Data for analysis START
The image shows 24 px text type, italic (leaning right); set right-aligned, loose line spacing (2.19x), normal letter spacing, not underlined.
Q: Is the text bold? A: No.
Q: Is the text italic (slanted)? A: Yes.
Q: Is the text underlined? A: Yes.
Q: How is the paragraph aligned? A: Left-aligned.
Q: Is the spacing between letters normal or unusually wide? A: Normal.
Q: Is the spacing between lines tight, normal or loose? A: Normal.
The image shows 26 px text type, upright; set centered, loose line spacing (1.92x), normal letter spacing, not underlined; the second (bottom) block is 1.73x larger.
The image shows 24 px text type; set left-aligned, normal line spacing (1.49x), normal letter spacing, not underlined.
Data for analysis END
Data for analysis START
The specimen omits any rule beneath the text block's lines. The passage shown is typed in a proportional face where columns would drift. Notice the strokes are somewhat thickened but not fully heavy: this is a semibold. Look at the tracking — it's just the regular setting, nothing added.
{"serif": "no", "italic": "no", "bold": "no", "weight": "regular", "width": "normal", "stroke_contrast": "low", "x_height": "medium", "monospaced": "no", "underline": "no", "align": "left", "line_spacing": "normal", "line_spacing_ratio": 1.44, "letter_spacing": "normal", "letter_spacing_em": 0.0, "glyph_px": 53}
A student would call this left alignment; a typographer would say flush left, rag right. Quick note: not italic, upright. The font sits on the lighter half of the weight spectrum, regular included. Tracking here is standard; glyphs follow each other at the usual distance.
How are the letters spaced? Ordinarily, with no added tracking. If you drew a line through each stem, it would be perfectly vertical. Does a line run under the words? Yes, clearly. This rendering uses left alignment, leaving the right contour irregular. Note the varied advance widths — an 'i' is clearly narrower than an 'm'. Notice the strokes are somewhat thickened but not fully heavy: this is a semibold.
Data for analysis END
Data for analysis START
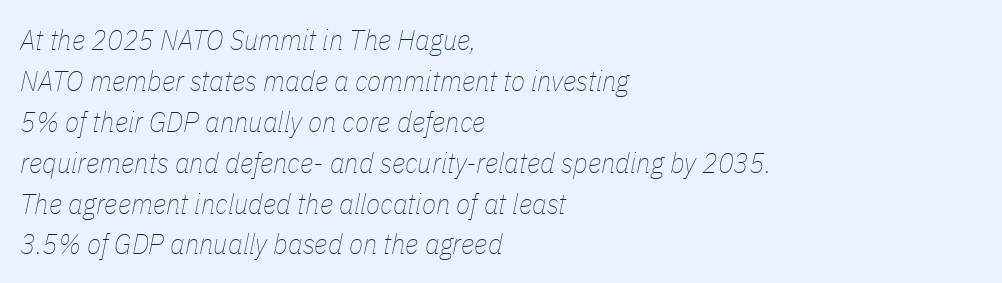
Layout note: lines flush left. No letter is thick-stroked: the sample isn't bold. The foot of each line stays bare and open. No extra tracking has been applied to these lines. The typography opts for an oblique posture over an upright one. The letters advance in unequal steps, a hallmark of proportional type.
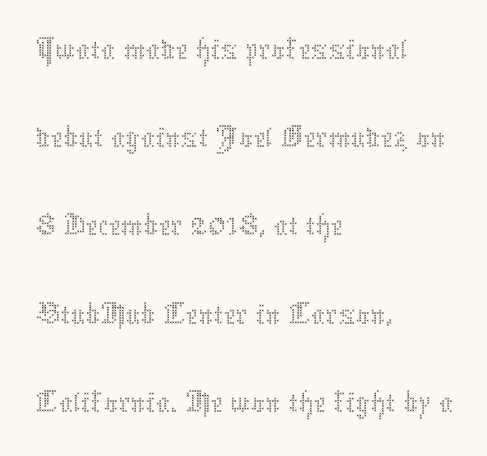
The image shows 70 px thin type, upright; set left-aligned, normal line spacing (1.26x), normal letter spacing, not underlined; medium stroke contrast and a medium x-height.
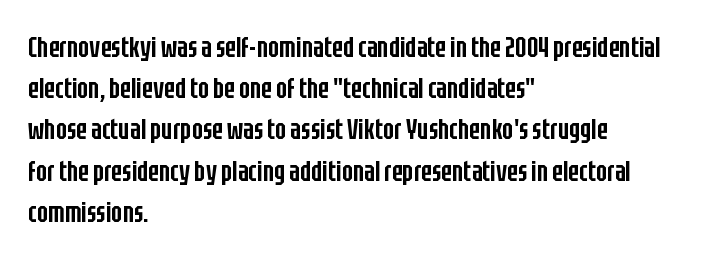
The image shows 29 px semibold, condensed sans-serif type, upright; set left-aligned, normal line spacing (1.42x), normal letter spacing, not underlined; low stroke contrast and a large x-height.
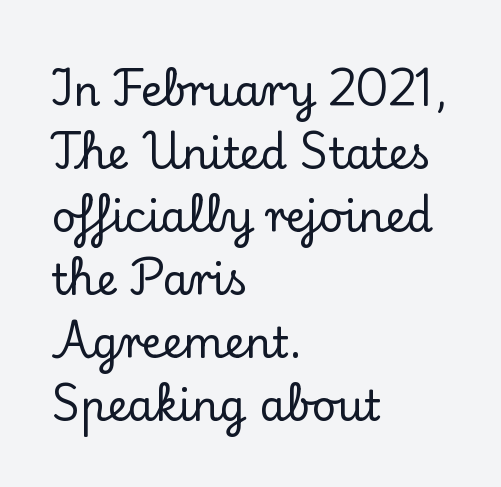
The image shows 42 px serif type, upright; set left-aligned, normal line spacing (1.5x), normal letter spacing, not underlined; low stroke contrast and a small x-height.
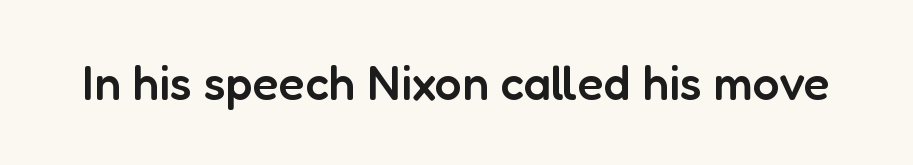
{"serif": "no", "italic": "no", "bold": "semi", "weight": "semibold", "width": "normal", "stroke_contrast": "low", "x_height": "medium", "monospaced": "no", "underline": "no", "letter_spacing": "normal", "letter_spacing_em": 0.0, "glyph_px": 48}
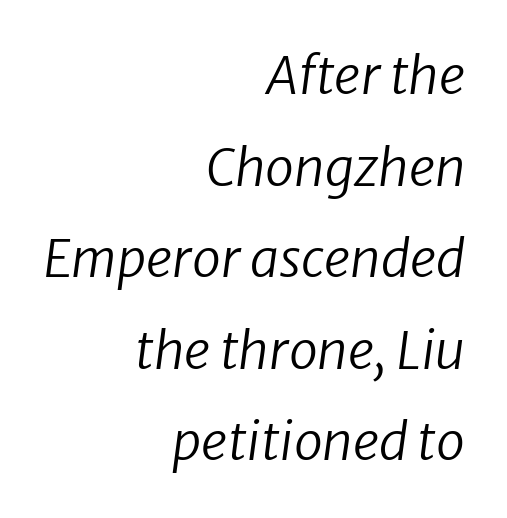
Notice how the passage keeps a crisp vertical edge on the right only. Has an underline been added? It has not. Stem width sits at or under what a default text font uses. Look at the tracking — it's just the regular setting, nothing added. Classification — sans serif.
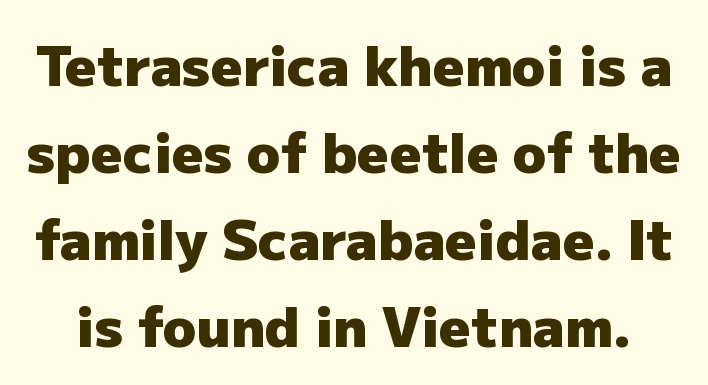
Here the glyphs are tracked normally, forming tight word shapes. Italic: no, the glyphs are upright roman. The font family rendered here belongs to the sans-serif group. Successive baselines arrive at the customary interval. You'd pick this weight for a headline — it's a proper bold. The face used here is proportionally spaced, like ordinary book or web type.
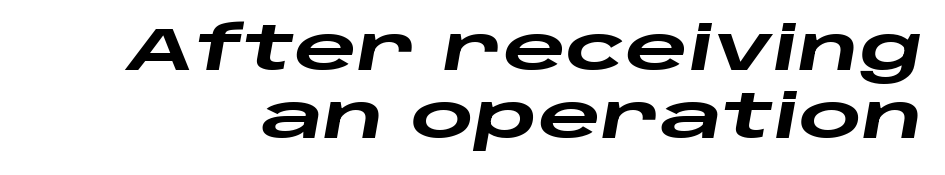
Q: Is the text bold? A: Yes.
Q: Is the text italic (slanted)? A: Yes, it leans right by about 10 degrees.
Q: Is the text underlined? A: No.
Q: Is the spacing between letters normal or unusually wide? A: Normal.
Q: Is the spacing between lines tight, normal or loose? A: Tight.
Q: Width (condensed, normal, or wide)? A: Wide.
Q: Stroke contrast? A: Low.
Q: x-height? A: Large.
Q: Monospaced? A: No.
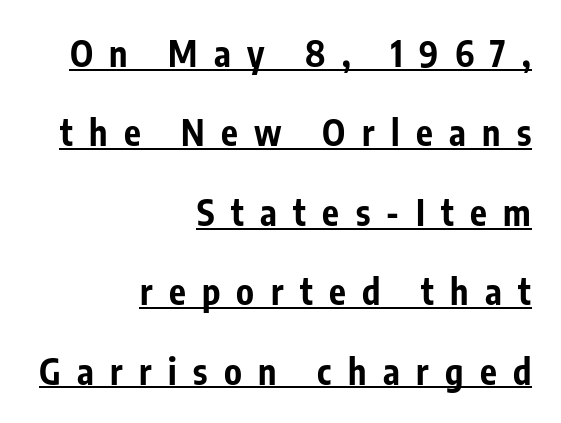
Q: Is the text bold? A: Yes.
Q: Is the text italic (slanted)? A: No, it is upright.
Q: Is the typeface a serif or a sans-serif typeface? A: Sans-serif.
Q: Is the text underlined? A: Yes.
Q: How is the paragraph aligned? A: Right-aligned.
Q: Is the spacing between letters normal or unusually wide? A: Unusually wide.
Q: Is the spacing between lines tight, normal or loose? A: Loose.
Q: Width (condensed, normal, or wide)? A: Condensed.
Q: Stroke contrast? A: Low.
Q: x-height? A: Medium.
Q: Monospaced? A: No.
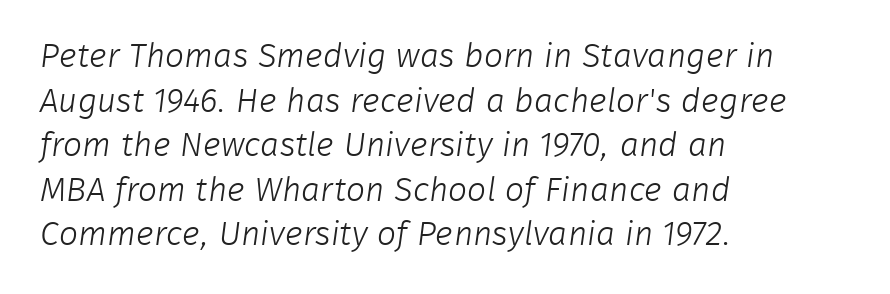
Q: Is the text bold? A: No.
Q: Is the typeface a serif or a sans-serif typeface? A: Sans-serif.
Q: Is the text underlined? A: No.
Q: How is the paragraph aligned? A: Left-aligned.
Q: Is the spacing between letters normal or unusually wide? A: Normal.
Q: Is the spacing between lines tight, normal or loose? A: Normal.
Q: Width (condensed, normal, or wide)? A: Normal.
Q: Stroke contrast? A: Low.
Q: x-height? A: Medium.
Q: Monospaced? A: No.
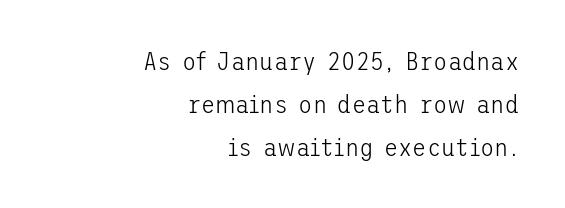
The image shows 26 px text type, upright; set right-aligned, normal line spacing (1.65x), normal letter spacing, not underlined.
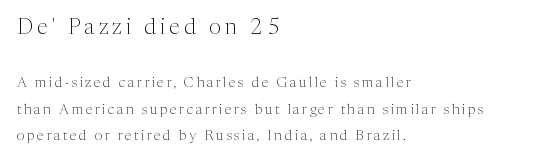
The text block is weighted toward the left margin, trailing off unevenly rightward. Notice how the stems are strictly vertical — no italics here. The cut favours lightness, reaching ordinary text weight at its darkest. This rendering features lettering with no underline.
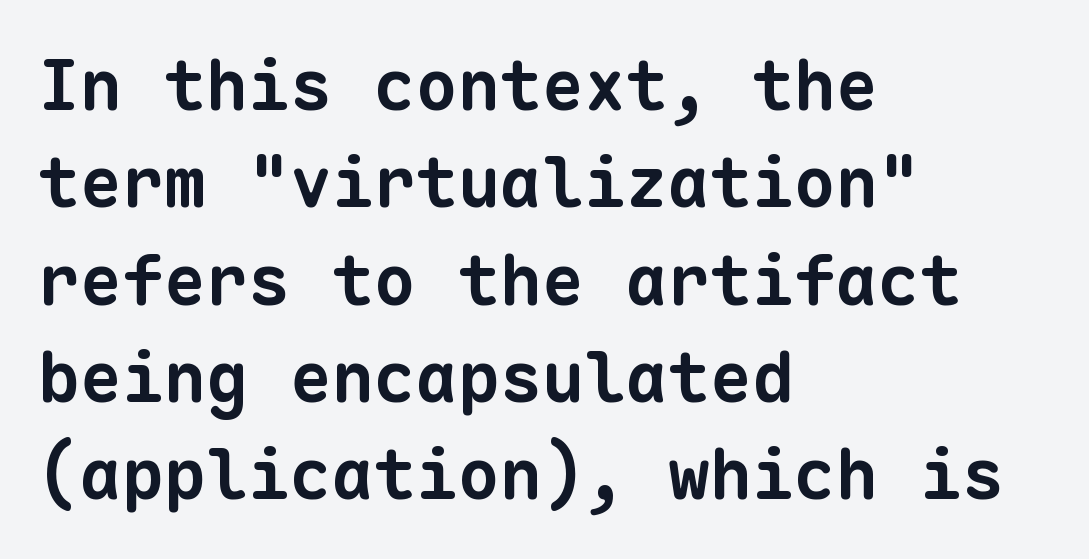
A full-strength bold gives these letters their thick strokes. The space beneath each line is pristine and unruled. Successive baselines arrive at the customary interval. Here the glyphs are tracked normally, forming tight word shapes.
Data for analysis END
» Exercise objective
Please return all lines above in which the string "tight" is found.

» Response box
Q: Is the spacing between lines tight, normal or loose? A: Normal.
Here the glyphs are tracked normally, forming tight word shapes. Italic: no, the glyphs are upright roman. The font family rendered here belongs to the sans-serif group. Successive baselines arrive at the customary interval. You'd pick this weight for a headline — it's a proper bold. The face used here is proportionally spaced, like ordinary book or web type.
Q: Is the spacing between lines tight, normal or loose? A: Tight.
Q: Is the spacing between lines tight, normal or loose? A: Loose.
Q: Is the spacing between lines tight, normal or loose? A: Normal.
A full-strength bold gives these letters their thick strokes. The space beneath each line is pristine and unruled. Successive baselines arrive at the customary interval. Here the glyphs are tracked normally, forming tight word shapes.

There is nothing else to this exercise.